09:52 -!- Connection failed! Reason: Could not connect to: morgan.freenode.net:6697 The authentication or decryption has failed.
However, I can still connect to a different SSL IRC server (turing.nullirc.net:6697 SSL). However, if I open a second connection tab to turing I sometimes get:
09:53 -!- Connecting to turing.nullirc.net port 6697...
09:53 -!- Connection failed! Reason: Could not connect to: turing.nullirc.net:6697 BeginWrite failure
If I close all NullIRC tabs, I can again connect to turing successfully. Attempting a second connection results in the same BeginWrite failure.
There may be some randomness involved to when connections succeed or fail. If you just keep opening new server tabs, alternating between servers, it can start working again.
Debug log is attached.
smuxi-frontend-gnome is built from git master/b14d3e4
built with ./autogen.sh --prefix=$HOME MCS=/usr/bin/dmcs && make && make install
Mono JIT compiler version 2.10.8.1 (Debian 2.10.8.1-5ubuntu1)
Linux vith-ubuntu-vm 3.5.0-22-generic #34-Ubuntu SMP Tue Jan 8 21:47:00 UTC 2013 x86_64 x86_64 x86_64 GNU/Linux
Ubuntu 12.10 64-bit Desktop in VMWare Workstation
Associated revisions
Revision a68dfb5fdf5fb425b2eef043dffb753b8aebbdce
Server, Frontend-GNOME: workaround TLS/SSL negotiation caching issues on Mono (closes: #802)
The symptom usually is that the first TLS/SSL connect works but no following
ones to a specific server.
History
Updated by Mirco Bauer 4108 days ago
- Complexity set to High
- Found in Version changed from GNOME frontend 0.8.11.0 (master/b14d3e4) to 0.8.11.0 (master/b14d3e4)
I can reproduce the 2nd SSL connect fails issue with morgan.freenode.net on Mono 3.0.1.
Also the issue that sometimes (tried it 6 times) the SSL connection to turing.nullirc.net fails, but I get this message instead:
Also the issue that sometimes (tried it 6 times) the SSL connection to turing.nullirc.net fails, but I get this message instead:
17:29:26 -!- Connection failed! Reason: Could not connect to: turing.nullirc.net:6697 The authentication or decryption has failed.

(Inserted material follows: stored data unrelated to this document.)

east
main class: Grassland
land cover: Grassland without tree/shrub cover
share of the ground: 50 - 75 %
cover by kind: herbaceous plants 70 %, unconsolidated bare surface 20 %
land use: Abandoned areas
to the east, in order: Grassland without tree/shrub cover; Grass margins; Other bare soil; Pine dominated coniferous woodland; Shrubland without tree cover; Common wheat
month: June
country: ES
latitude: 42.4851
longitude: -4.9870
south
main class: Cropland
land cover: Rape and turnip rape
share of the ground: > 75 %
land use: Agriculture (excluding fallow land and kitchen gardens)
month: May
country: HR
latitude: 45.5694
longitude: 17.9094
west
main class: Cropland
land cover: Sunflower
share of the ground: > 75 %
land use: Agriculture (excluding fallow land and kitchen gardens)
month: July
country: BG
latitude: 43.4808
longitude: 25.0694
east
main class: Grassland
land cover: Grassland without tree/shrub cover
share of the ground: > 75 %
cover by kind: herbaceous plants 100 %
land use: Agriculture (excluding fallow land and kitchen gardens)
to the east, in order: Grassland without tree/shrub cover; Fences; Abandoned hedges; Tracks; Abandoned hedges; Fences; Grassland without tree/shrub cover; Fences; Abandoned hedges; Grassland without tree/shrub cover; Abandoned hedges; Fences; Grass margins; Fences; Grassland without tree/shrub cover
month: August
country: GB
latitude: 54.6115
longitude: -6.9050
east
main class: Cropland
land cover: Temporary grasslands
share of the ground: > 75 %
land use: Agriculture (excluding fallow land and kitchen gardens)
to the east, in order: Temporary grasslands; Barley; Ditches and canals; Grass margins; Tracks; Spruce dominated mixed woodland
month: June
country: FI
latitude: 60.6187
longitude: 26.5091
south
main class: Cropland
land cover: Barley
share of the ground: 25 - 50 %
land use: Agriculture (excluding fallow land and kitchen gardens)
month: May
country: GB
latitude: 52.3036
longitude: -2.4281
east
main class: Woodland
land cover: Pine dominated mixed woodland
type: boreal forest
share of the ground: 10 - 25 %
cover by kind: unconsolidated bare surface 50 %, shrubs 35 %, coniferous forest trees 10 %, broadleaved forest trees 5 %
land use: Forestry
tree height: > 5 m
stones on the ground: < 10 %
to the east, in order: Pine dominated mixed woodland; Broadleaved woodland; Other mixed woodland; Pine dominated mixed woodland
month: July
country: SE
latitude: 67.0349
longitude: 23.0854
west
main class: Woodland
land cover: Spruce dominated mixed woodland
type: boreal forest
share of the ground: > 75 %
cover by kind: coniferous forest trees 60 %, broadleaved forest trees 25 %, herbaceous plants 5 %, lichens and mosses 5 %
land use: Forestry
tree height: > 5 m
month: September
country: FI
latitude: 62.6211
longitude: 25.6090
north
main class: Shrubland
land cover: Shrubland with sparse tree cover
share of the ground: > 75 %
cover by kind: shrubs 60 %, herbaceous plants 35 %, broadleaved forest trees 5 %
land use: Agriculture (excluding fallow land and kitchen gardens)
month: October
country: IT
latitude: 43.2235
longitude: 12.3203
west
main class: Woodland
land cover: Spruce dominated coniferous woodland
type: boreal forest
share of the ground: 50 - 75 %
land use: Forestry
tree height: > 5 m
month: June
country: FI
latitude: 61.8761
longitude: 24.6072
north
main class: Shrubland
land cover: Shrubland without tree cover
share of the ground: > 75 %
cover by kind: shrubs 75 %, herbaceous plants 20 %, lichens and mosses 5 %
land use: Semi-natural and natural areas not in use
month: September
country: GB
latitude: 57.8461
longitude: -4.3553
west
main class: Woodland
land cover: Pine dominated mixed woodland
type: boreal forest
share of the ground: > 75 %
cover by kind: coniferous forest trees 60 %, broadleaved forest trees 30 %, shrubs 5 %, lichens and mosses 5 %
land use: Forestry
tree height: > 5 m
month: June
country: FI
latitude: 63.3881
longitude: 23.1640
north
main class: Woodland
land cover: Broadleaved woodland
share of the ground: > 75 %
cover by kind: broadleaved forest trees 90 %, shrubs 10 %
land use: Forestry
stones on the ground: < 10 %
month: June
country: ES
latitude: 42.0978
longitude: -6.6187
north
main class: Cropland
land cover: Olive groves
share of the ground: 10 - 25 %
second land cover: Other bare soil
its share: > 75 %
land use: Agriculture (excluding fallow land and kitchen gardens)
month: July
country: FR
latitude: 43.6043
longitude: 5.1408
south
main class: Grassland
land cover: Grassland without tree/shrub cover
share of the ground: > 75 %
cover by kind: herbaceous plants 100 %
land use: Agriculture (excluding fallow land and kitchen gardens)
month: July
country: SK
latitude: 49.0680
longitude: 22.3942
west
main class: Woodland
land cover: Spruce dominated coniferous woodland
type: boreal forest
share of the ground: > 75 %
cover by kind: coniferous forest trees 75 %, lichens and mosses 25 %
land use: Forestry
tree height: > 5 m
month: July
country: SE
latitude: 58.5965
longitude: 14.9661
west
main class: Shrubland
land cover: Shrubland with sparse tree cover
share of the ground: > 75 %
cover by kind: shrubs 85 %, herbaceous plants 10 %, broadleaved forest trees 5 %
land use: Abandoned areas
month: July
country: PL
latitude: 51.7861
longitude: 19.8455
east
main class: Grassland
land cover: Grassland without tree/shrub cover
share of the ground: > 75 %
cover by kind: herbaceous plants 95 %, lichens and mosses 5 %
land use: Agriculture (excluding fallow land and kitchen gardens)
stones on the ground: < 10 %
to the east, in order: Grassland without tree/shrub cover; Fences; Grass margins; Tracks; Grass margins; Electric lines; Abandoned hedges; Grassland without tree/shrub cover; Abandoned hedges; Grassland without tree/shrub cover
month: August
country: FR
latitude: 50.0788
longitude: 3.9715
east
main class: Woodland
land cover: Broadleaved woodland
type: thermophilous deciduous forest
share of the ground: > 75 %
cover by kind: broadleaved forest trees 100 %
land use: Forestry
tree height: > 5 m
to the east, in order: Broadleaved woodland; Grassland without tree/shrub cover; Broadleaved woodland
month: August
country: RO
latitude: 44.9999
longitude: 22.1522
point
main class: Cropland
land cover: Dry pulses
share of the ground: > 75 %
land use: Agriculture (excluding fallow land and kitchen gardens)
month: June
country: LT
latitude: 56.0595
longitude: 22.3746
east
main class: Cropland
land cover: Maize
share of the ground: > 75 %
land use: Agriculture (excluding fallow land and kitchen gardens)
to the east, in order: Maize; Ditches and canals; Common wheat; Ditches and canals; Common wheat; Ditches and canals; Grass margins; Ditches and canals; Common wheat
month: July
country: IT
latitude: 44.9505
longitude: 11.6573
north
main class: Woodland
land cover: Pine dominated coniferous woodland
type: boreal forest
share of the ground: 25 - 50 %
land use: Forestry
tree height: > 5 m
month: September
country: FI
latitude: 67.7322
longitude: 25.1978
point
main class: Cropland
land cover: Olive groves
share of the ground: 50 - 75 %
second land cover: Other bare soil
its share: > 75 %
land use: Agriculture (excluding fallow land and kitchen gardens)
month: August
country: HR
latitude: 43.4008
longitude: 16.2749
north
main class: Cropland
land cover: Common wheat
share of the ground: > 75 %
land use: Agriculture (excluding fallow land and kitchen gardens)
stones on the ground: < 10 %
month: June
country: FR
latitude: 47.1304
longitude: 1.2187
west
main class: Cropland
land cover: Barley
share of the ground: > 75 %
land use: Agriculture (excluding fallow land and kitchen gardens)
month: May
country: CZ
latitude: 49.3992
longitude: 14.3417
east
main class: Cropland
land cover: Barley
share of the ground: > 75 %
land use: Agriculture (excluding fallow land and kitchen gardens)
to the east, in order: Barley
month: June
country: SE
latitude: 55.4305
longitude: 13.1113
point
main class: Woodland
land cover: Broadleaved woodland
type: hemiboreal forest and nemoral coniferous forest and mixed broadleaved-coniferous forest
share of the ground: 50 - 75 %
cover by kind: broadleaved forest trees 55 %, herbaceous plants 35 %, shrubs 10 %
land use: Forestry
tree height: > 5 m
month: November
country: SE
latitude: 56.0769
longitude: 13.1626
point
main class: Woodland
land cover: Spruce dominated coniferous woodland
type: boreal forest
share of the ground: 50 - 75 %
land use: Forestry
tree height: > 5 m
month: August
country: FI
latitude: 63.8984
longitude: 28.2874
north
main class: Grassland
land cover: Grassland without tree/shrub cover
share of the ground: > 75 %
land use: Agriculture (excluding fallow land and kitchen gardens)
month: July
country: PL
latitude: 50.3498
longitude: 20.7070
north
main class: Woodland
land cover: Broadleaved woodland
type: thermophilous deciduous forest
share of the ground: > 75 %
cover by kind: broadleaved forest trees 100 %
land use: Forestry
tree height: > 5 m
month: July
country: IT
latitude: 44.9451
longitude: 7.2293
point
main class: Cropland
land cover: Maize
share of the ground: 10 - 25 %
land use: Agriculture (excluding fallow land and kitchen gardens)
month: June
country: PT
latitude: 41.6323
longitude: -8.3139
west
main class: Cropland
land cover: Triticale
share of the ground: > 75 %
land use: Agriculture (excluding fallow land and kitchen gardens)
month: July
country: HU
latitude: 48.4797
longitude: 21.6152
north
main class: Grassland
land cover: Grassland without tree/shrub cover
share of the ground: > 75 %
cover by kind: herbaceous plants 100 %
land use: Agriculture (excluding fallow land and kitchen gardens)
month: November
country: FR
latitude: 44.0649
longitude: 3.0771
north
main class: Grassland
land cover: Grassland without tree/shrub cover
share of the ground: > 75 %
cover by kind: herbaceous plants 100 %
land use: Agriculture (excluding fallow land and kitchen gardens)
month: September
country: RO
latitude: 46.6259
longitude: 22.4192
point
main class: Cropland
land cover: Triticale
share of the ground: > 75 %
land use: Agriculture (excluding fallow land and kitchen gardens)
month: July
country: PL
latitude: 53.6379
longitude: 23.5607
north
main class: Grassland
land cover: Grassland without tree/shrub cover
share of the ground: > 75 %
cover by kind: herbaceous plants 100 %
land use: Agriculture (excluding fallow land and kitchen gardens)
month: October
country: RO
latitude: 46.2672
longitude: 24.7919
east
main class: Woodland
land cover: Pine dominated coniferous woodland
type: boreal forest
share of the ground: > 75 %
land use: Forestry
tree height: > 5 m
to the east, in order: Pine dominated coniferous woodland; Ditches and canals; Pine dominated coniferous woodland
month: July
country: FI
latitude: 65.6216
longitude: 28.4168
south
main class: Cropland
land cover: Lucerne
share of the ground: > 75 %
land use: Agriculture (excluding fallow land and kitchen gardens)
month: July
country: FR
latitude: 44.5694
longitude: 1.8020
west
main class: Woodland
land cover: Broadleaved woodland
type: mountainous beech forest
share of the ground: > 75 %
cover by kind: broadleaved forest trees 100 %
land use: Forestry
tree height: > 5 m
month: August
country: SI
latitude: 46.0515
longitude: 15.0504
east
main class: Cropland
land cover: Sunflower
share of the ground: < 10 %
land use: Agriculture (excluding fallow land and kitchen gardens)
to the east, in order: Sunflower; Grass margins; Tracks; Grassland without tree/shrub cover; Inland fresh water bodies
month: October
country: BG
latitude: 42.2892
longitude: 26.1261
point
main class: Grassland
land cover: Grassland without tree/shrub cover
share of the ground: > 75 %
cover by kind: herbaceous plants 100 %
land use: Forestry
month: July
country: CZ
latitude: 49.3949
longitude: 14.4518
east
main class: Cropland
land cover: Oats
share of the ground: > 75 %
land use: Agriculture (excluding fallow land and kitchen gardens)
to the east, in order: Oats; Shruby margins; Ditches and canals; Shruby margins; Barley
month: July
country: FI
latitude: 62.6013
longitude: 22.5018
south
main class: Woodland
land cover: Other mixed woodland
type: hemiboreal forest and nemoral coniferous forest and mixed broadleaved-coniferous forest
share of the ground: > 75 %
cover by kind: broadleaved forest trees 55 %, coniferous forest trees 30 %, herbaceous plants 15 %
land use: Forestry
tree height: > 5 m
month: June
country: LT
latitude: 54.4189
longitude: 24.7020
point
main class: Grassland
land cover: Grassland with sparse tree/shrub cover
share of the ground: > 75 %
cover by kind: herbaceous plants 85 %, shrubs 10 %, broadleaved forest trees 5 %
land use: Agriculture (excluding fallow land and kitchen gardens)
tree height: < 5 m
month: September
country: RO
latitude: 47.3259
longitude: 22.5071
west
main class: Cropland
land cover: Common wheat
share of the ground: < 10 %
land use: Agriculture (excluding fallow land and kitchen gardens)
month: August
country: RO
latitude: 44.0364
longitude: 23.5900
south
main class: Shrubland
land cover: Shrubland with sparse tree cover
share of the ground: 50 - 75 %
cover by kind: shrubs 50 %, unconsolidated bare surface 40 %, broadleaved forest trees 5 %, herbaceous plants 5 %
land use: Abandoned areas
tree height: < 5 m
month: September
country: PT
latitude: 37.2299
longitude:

Updated by Mirco Bauer 4108 days ago
Here a minimal test-case to reproduce this issue with just Mono:
wget https://raw.github.com/mono/mono/master/mcs/class/Mono.Security/Test/tools/tlstest/tlstest.cs dmcs tlstest.cs -r:Mono.Security mono tlstest.exe https://morgan.freenode.net:6697 https://morgan.freenode.net:6697Output:
meebey@redhorse:~/tmp$ mono tlstest.exe https://morgan.freenode.net:6697 https://morgan.freenode.net:6697
https://morgan.freenode.net:6697
[Subject]
CN=*.freenode.net, OU=Gandi Standard Wildcard SSL, OU=Domain Control Validated
[Issuer]
CN=Gandi Standard SSL CA, O=GANDI SAS, C=FR
[Not Before]
1/14/2013 1:00:00 AM
[Not After]
1/15/2014 12:59:59 AM
[Thumbprint]
9C326008AF581A62A97053852CB53A6F320F5E67
Valid From: 1/14/2013 1:00:00 AM
Valid Until: 1/15/2014 12:59:59 AM
Error #-2146762486: CERT_E_CHAINING 0x800B010A
https://morgan.freenode.net:6697
FAILED: #-2146233087
System.IO.IOException: The authentication or decryption has failed. ---> Mono.Security.Protocol.Tls.TlsException: The server stopped the handshake.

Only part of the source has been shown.